Why are theorems stated for $u(X)$ instead of just $X$? In Introduction to Mathematical Statistics by Hogg and Craig, they state the generalization of Chebyshev's Inequality as:
Let $u(X)$ be a nonnegative function of the random variable $X$.  If $E[u(X)]$ exists, then, for every positive constant $c$, $\displaystyle Pr[u(X) \geq c] \leq \frac{E[u(X)]}{c}$.  
Why do they state this for $u(X)$ instead of just $X$?  Is it just a matter of preference for applying the theorem later, or is it actually more general for some reason?  It seems like you can just make the substitution $Y=u(X)$.
 A: As mentioned in the comments, it is no more general to state it with $u(X)$ where $u$ is a non-negative function, or for $X$ where $X$ is assumed to be non-negative. One way to see this is that the family of all random variables expressible as $u(X)$ with the above conditions is seen to coincide with the family of all non-negative random variables. (It is easy to see this by using the fact that all random variables can be defined on the sample space $[0,1]$ by applying a measurable function to a uniform random variable.)
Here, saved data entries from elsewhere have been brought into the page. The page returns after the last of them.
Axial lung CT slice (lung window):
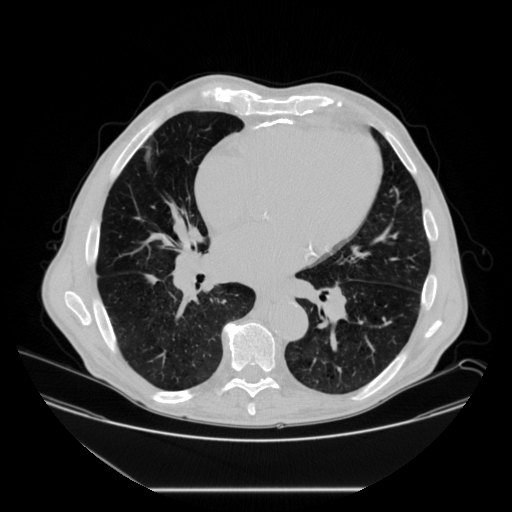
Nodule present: yes
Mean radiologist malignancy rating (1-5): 2.667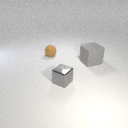
large gray rubber cube in front of small brown rubber sphere

Now for the (psychological) question of why an author would state the inequality one way or the other: it is in order to ease the application later. There are 3 ways that this "generalized" Chebyshev inequality is used: for the "first moment method" (Markov's inequality) with $u(X)=|X|$, for the "second moment method" (Chevyshev's inequality) with $u(X)=X^2$, and for proving concentration inequalities by taking $u(X)=e^{tX}$ and optimizing over $t$ in the resulting bound (like proving Hoeffding/Azuma/Bernstein/etc concentration inequalities). In all three cases, one is proving an inequality for the random variable $X$, but along the way one is introducing an auxiliary random variable $u(X)$ and applying the basic inequality to that random variable. Now the "non-trivial" part of the argument is cooking up a suitable function $u(\cdot)$, so it makes sense to emphasize it.